# Explained: How Much Data Do You Need to Train a Machine Learning System You can understand about 80 percent of how machine learning works if you understand one single concept, and that’s how the things that machines learn are simply data points represented in multi-dimensional space.

Once a mapping from real world to this feature space is done, machine learning algorithms simply work on the space to understand the real world, for example an image of a dog is simply one data point in that feature space if the image is a hundred pixels, by hundred pixels then it’s a single data point in 10,000 dimensional feature space.

Humans can grasp 2d space in 3d space easily, but we have difficulty grasping higher dimensional space, thankfully the mathematical concepts in any dimensional space are the same, and the same math that’s used in 2d can be used in higher dimensional space.

Computers are good at computation and they don’t have a problem dealing with this very high dimensional space, machine learning is broadly used for two problems, classification and prediction. Let’s take classification, classification algorithms find groupings of the data points, so how much data do you need to train a machine learning algorithm for classification?

Let’s say you want to design a simple thermometer, you need to know what range of temperature you’d like to measure, because no single thermometer can give you the range and accuracy across the whole spectrum, which may include measuring the temperatures of liquid-nitrogen off your fridge, the outside weather, your body temperature, your oven, the inside of a light bulb or a welding arc, for that matter.

Machine learning models work the same way, if you want to build a system to differentiate between dogs, cats and hamsters, then your training data should represent the variation of images of these pets, which in turn will map to the multi-dimensional space of interest.

I’ve just tried to show it in 3d for understanding but as you move to higher and higher dimensions, the data becomes very sparse, this means that sometimes even a million data points will not help if 99% of them represent dogs and only 1% represents cats and hamsters.

This means that simply having more data is useless, on the other hand if you had fewer data points like two or three for each class, then you can’t cover the whole space effectively. so remember that in multi dimensional space data is very sparse, and it’s even more difficult to represent those regions of interest with very few data points.
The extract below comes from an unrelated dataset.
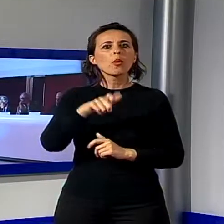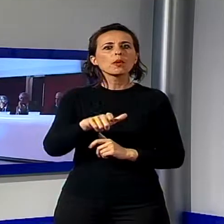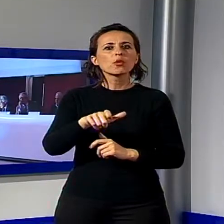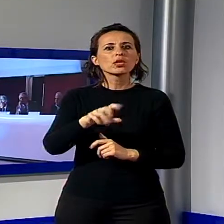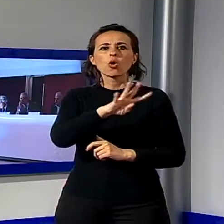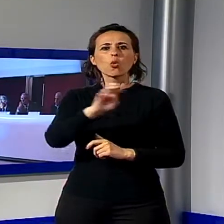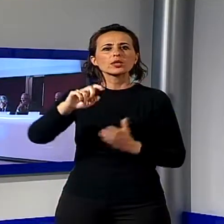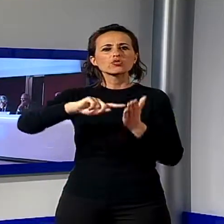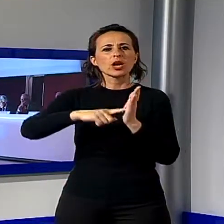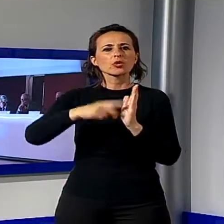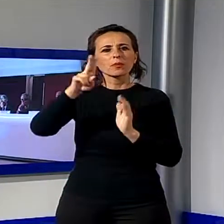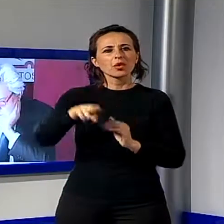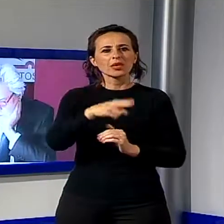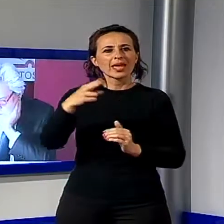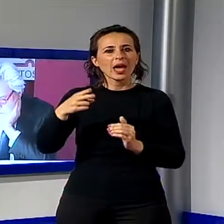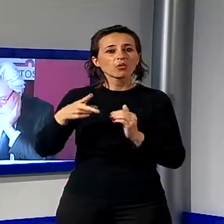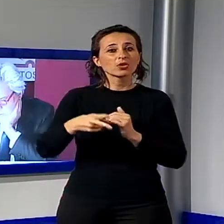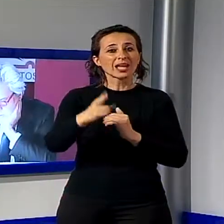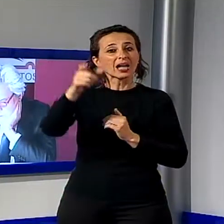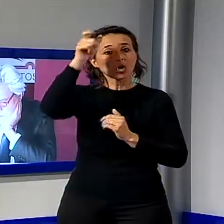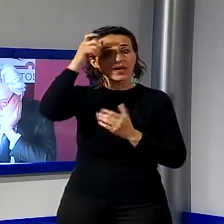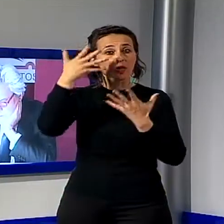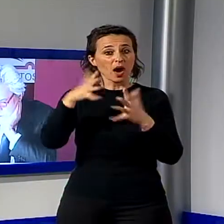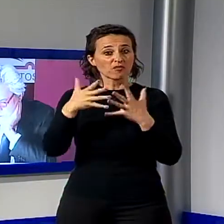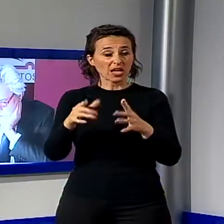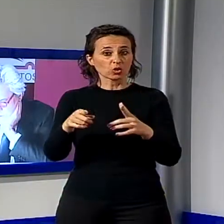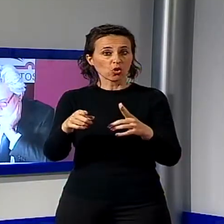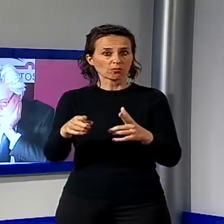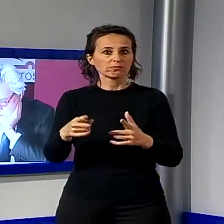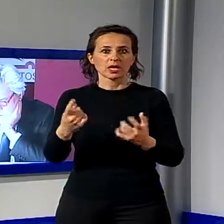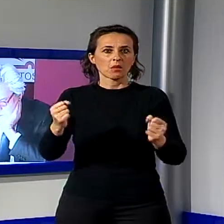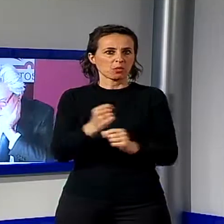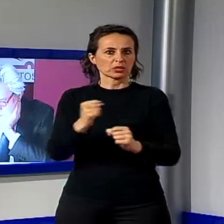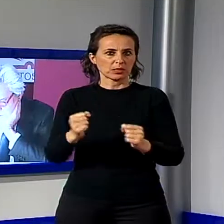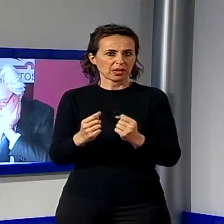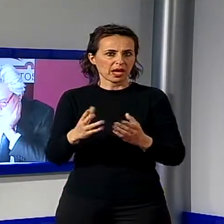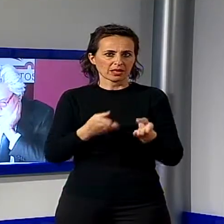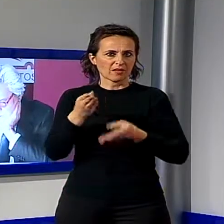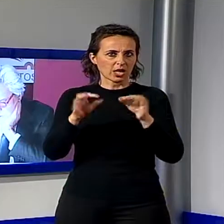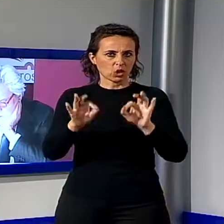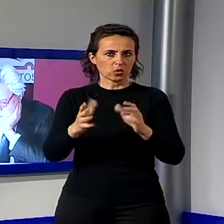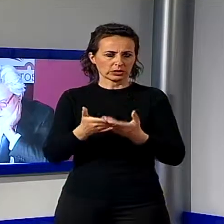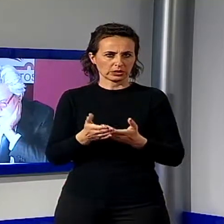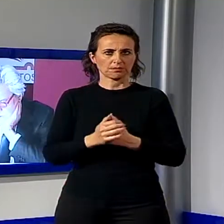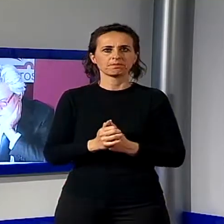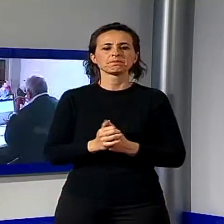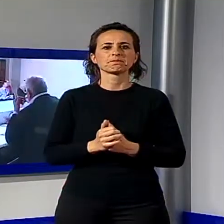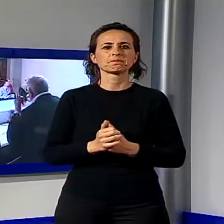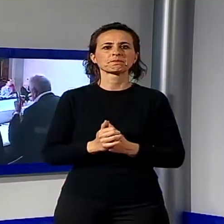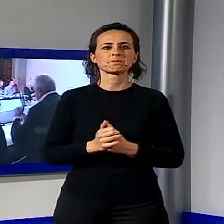milioni di euro di tagli operati dal governo nei confronti della nostra regione, ha detto l'assessore alla salute Luigi Marroni. Non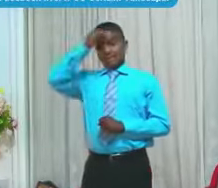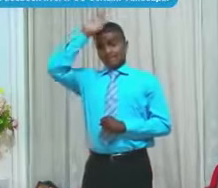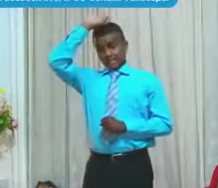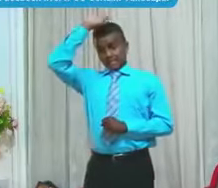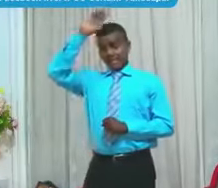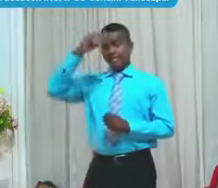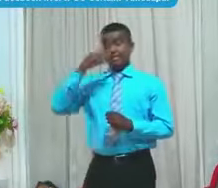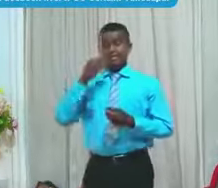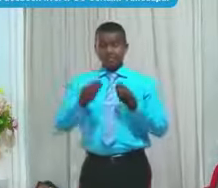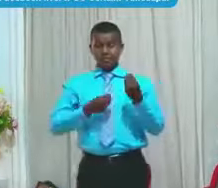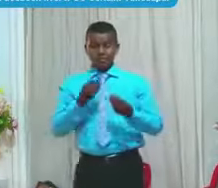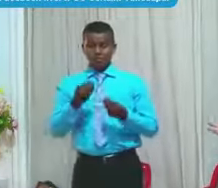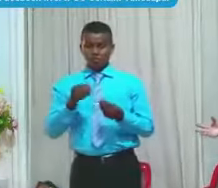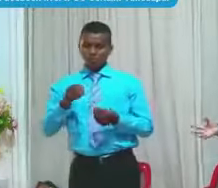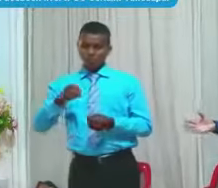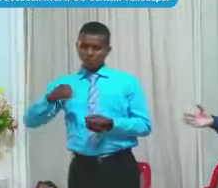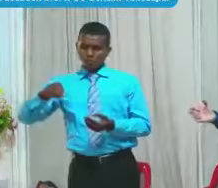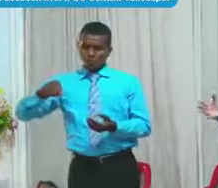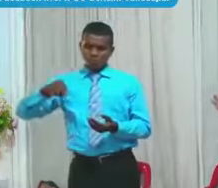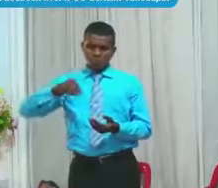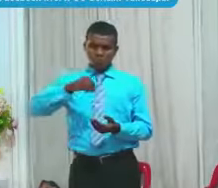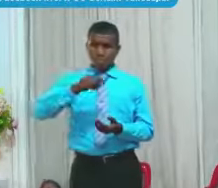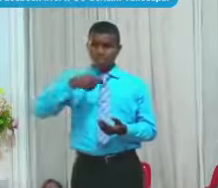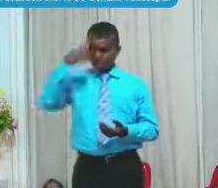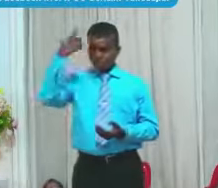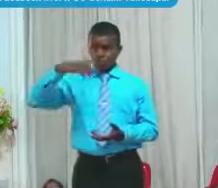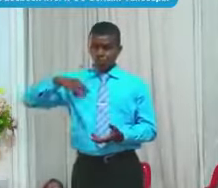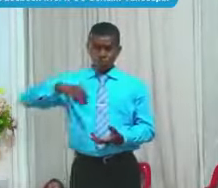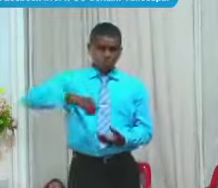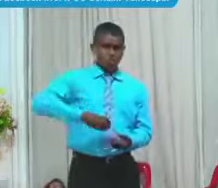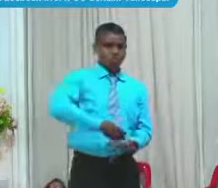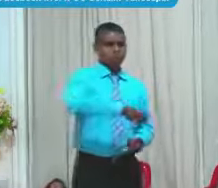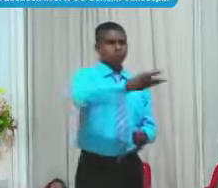blanco Y lo regó Alrededor de todo

What you ideally need is a set of data points that represent the range of variations, with each class that you would like to train the system with, then the system can generalize over the space and given a new data point in space, it can identify the animal correctly just like in this case.

How would you know if you had enough data? one way is to plot the error against the number of data points you have. The error should go down as you increase the training data, having said that there is no single way to see if we have enough data and there may be other caveats, here are a few. if there are too few data points or not having enough training, then the system generalize too much resulting in underfitting and therefore high errors.

If the model is tuned too much to the data then it could essentially memorize the data, and that results in overfitting which causes high error rates for unseen data. If the data is not balanced meaning having close to the same number of data points per class, then the data may be worthless even though it might have high accuracy. The bottom line is that your data should represent the problem space well both relevant as well as having a good distribution.